== Try it ==
After locating the line that contains "It was captured 4.8 s after image 1.", output that line and each one following it, exactly, to the end of the entries. No pictures.

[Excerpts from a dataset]

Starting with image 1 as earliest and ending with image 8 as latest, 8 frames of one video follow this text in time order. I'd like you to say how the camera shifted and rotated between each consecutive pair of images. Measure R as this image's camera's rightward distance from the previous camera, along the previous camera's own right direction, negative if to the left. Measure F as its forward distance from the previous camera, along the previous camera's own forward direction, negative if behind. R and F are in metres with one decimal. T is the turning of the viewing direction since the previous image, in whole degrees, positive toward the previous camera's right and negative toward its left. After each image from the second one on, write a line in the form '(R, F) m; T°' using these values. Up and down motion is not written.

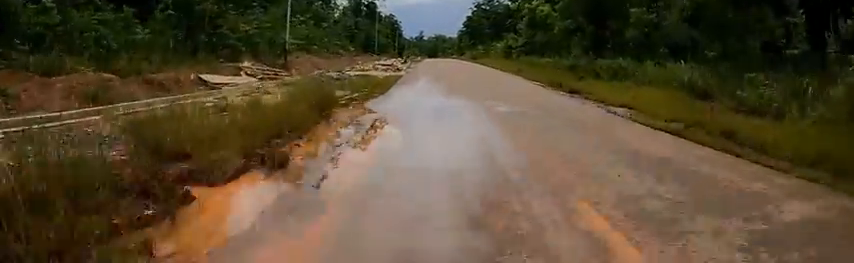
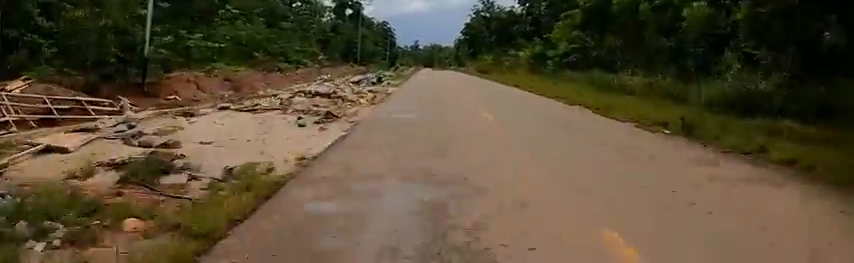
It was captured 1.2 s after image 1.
(+0.4, +16.8) m; +2°
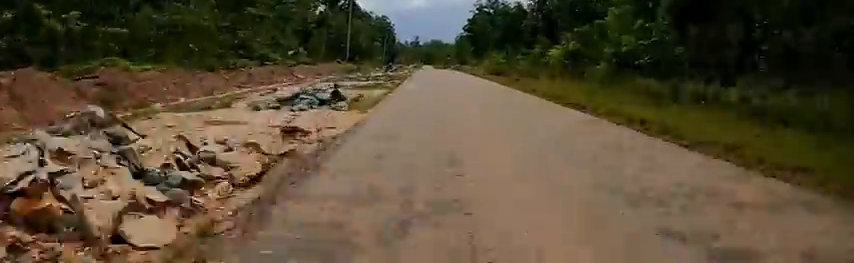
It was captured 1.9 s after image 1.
(0.0, +9.8) m; 0°
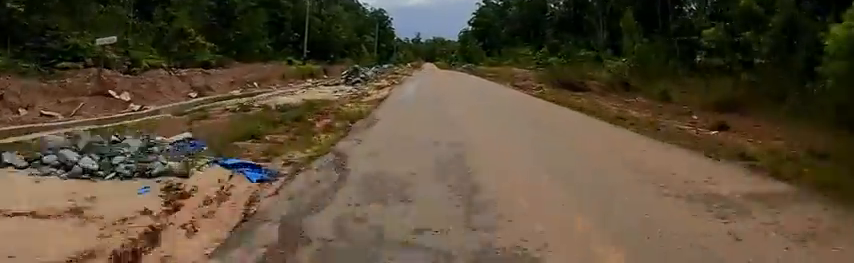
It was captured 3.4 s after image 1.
(0.0, +21.3) m; 0°
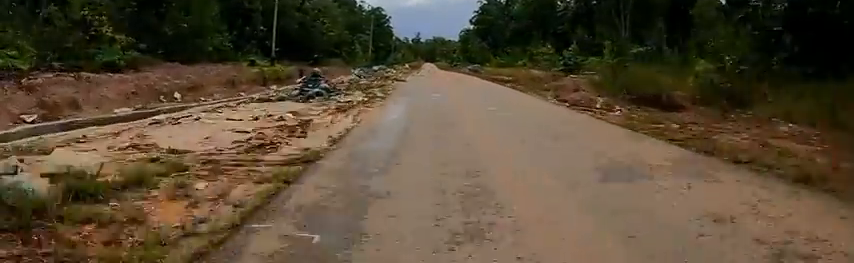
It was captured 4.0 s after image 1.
(0.0, +8.3) m; 0°
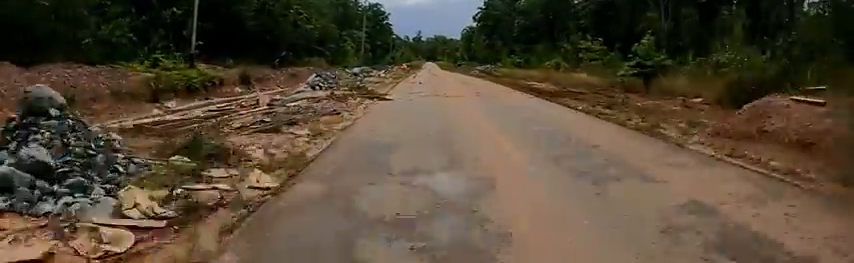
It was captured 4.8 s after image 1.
(0.0, +10.8) m; -1°
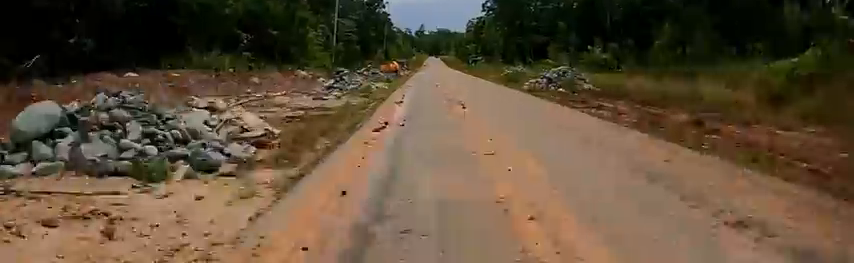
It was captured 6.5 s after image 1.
(-0.5, +24.6) m; 0°
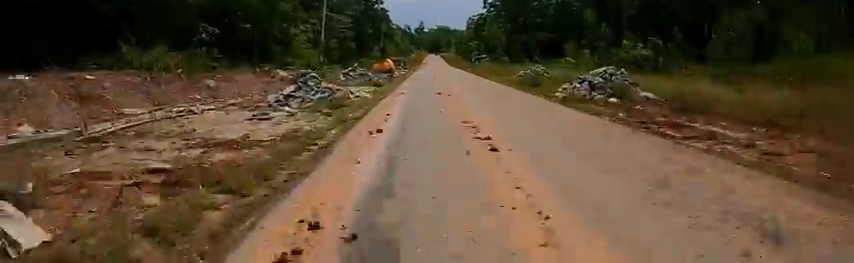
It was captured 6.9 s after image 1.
(-0.1, +5.9) m; +2°

== Solved exercise ==
It was captured 4.8 s after image 1.
(0.0, +10.8) m; -1°
It was captured 6.5 s after image 1.
(-0.5, +24.6) m; 0°
It was captured 6.9 s after image 1.
(-0.1, +5.9) m; +2°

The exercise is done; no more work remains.